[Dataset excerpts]
---

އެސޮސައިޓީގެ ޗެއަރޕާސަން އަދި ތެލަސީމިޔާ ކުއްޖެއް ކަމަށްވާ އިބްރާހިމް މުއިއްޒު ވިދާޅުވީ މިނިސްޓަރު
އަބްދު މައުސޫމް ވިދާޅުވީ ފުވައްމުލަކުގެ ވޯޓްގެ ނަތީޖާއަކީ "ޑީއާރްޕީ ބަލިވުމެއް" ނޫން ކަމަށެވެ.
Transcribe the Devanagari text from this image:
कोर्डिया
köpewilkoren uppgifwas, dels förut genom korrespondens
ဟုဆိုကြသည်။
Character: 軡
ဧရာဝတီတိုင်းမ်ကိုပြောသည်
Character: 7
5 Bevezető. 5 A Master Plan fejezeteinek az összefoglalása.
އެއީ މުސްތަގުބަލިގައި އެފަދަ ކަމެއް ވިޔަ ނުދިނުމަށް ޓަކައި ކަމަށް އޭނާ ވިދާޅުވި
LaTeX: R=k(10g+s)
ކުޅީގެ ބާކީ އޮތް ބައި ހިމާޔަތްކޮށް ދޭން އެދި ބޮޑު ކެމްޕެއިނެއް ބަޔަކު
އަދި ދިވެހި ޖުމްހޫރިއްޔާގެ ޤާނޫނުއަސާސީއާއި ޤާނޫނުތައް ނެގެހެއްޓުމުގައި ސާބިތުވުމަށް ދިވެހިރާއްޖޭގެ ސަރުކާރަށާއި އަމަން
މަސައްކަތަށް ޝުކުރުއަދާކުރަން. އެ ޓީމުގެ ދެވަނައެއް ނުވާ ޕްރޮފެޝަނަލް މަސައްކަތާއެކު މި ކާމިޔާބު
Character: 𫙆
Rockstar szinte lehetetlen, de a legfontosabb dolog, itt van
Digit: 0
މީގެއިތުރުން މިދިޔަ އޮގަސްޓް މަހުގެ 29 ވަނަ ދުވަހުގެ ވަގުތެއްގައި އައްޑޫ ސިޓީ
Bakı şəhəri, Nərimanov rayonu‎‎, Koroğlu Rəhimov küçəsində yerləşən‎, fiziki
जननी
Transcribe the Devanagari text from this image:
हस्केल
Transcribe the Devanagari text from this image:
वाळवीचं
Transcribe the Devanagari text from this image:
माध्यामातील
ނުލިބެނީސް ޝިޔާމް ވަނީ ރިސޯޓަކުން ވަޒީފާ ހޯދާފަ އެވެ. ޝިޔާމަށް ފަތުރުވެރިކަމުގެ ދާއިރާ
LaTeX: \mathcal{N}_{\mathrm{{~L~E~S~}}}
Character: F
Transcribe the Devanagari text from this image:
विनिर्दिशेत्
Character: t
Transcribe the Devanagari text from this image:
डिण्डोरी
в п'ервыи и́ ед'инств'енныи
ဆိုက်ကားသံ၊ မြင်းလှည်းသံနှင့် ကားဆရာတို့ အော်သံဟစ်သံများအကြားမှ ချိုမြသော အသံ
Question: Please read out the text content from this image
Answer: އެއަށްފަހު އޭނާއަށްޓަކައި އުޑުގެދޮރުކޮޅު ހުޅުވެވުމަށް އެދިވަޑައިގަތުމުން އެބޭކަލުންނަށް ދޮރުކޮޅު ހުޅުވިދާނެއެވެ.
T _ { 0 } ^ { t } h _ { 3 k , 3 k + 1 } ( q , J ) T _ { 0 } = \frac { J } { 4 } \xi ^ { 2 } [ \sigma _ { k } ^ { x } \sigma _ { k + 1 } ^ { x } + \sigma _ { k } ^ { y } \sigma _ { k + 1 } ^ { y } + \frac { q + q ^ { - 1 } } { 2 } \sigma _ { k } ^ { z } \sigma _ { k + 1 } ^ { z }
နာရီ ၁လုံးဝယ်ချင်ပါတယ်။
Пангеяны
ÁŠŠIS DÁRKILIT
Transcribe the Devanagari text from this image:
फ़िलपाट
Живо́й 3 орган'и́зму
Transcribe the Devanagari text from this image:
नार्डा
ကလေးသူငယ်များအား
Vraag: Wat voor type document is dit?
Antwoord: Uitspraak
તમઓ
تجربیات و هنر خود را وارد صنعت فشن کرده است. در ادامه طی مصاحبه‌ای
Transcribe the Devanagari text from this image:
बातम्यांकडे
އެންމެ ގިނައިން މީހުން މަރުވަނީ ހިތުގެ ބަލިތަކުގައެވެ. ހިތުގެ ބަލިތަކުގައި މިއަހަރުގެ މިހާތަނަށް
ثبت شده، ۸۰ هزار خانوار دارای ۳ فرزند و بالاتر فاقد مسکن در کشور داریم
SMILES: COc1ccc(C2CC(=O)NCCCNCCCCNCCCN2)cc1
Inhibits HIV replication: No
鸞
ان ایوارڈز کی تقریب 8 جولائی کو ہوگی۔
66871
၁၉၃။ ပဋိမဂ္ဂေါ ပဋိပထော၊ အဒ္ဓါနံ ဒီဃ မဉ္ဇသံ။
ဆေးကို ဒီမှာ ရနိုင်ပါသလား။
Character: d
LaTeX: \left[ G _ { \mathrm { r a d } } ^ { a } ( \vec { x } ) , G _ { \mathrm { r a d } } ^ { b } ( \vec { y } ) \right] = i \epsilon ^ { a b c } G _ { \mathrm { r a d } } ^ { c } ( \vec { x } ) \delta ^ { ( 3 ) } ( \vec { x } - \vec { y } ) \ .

---

-- EXERCISE --
A word-for-word restatement of the lines running from the one with "Antwoord: Uitspraak" to the last line of the records is the whole answer.

-- TASK OUTPUT --
Antwoord: Uitspraak
તમઓ
تجربیات و هنر خود را وارد صنعت فشن کرده است. در ادامه طی مصاحبه‌ای
Transcribe the Devanagari text from this image:
बातम्यांकडे
އެންމެ ގިނައިން މީހުން މަރުވަނީ ހިތުގެ ބަލިތަކުގައެވެ. ހިތުގެ ބަލިތަކުގައި މިއަހަރުގެ މިހާތަނަށް
ثبت شده، ۸۰ هزار خانوار دارای ۳ فرزند و بالاتر فاقد مسکن در کشور داریم
SMILES: COc1ccc(C2CC(=O)NCCCNCCCCNCCCN2)cc1
Inhibits HIV replication: No
鸞
ان ایوارڈز کی تقریب 8 جولائی کو ہوگی۔
66871
၁၉၃။ ပဋိမဂ္ဂေါ ပဋိပထော၊ အဒ္ဓါနံ ဒီဃ မဉ္ဇသံ။
ဆေးကို ဒီမှာ ရနိုင်ပါသလား။
Character: d
LaTeX: \left[ G _ { \mathrm { r a d } } ^ { a } ( \vec { x } ) , G _ { \mathrm { r a d } } ^ { b } ( \vec { y } ) \right] = i \epsilon ^ { a b c } G _ { \mathrm { r a d } } ^ { c } ( \vec { x } ) \delta ^ { ( 3 ) } ( \vec { x } - \vec { y } ) \ .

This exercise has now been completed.